### WHAT IS NEEDED
For this exercise, retype every record below exactly and keep the pictures out.

### RECORDS PROVIDED
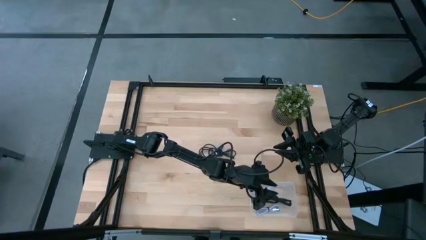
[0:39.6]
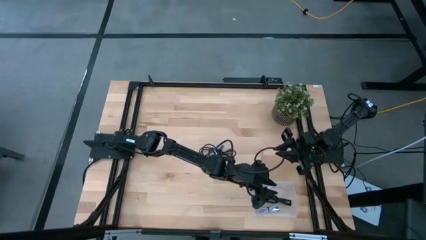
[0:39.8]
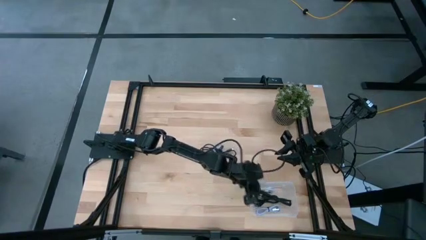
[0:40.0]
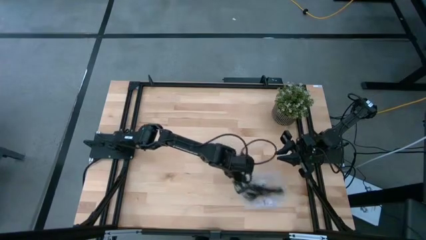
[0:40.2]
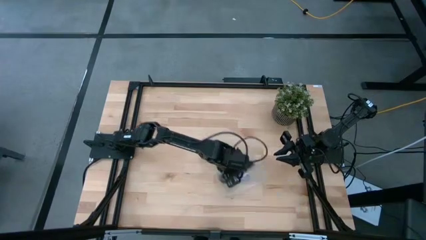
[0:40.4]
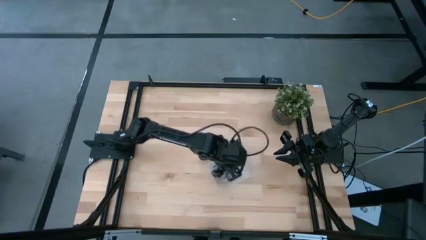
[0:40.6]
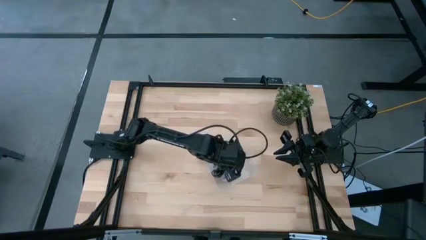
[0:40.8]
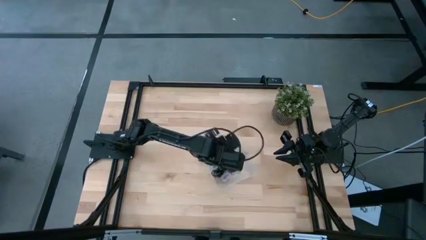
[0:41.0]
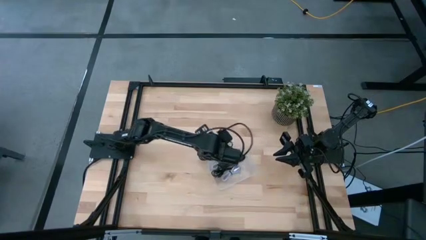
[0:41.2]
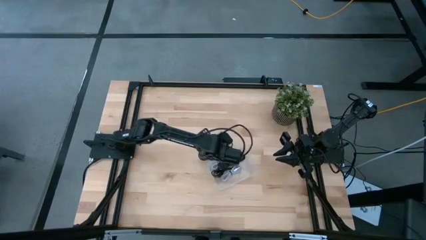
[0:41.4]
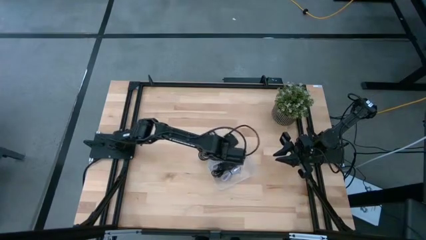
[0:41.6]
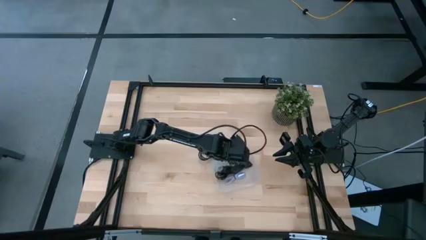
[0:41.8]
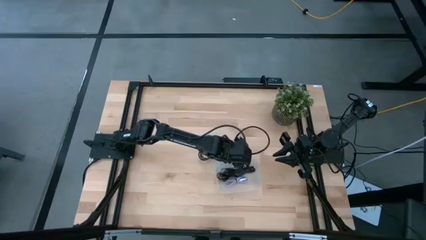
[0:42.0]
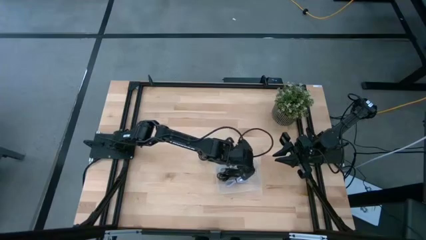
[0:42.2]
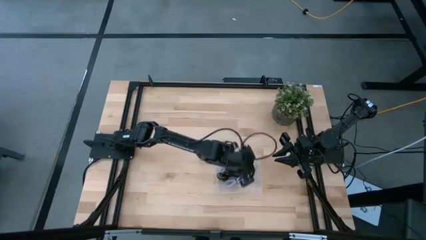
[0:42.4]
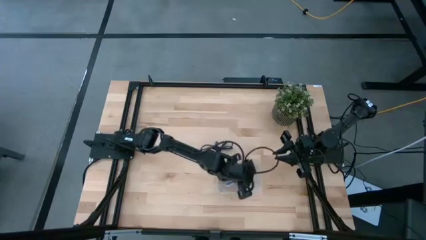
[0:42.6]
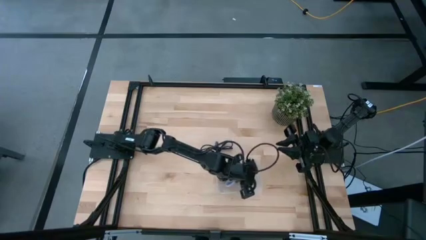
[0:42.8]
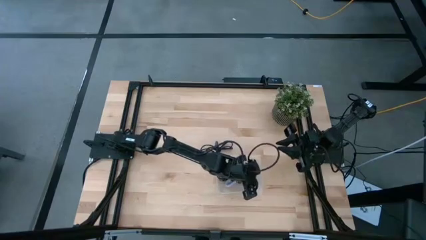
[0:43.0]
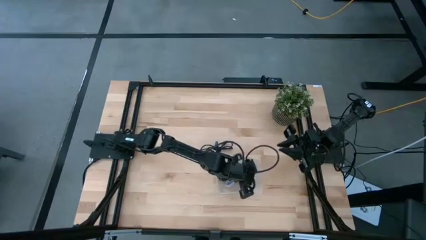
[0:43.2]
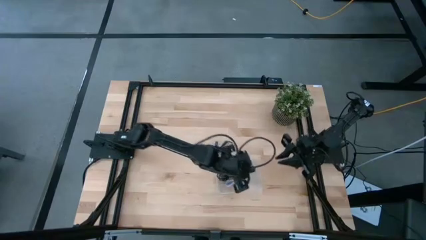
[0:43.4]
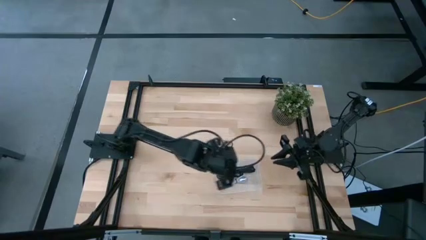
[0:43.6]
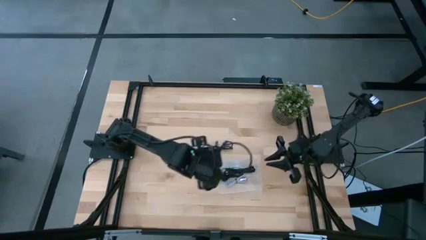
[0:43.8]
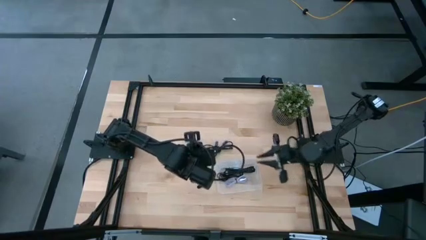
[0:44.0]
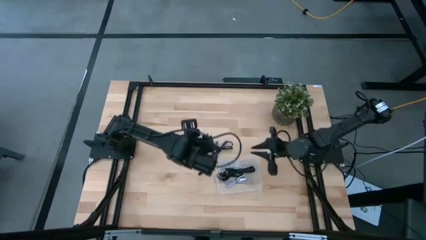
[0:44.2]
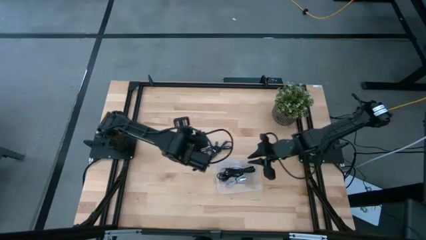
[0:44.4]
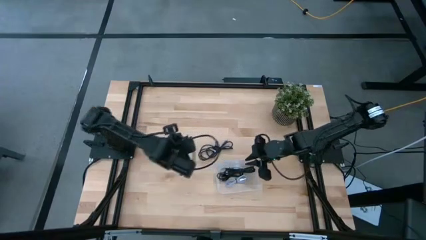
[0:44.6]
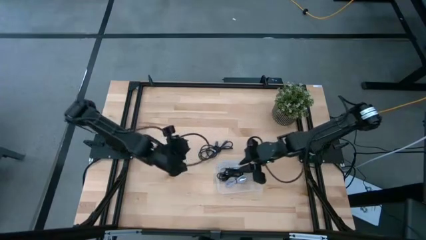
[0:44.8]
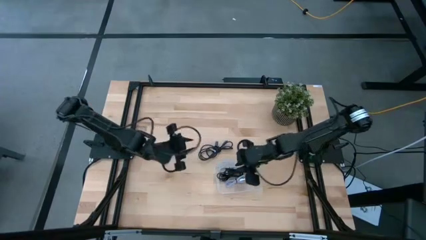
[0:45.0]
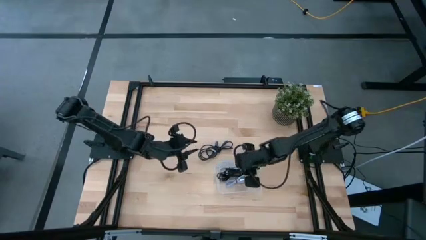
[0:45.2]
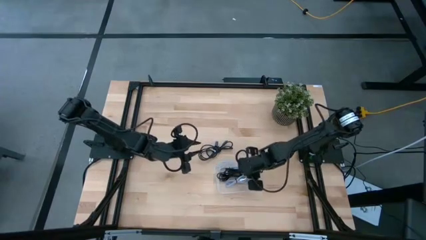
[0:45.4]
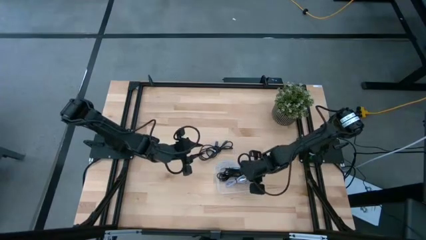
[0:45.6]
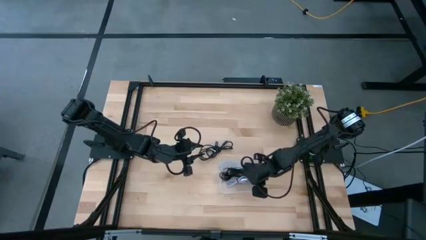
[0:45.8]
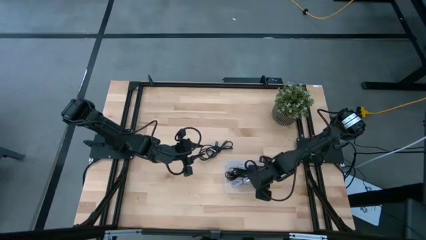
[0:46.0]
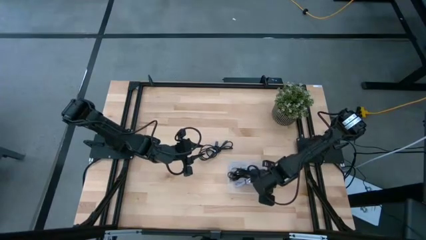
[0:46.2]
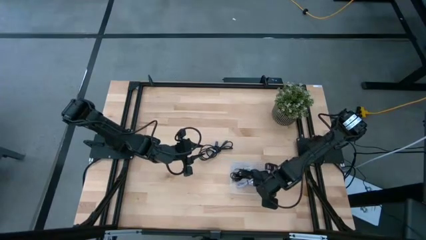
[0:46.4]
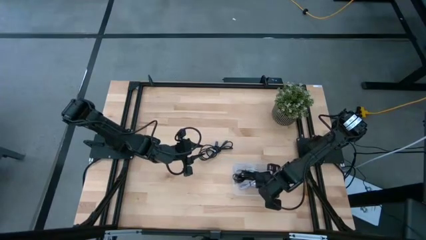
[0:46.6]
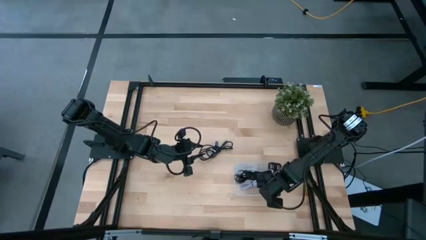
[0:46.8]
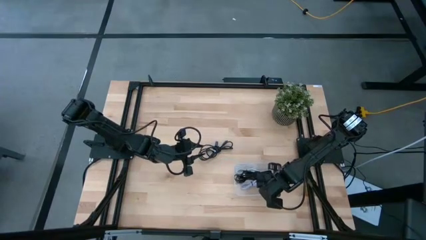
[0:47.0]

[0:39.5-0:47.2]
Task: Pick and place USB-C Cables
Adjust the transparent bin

### SOLUTION FOR THIS PROBLEM
[0:39.6]
[0:39.8]
[0:40.0]
[0:40.2]
[0:40.4]
[0:40.6]
[0:40.8]
[0:41.0]
[0:41.2]
[0:41.4]
[0:41.6]
[0:41.8]
[0:42.0]
[0:42.2]
[0:42.4]
[0:42.6]
[0:42.8]
[0:43.0]
[0:43.2]
[0:43.4]
[0:43.6]
[0:43.8]
[0:44.0]
[0:44.2]
[0:44.4]
[0:44.6]
[0:44.8]
[0:45.0]
[0:45.2]
[0:45.4]
[0:45.6]
[0:45.8]
[0:46.0]
[0:46.2]
[0:46.4]
[0:46.6]
[0:46.8]
[0:47.0]

[0:39.5-0:47.2]
Task: Pick and place USB-C Cables
Adjust the transparent bin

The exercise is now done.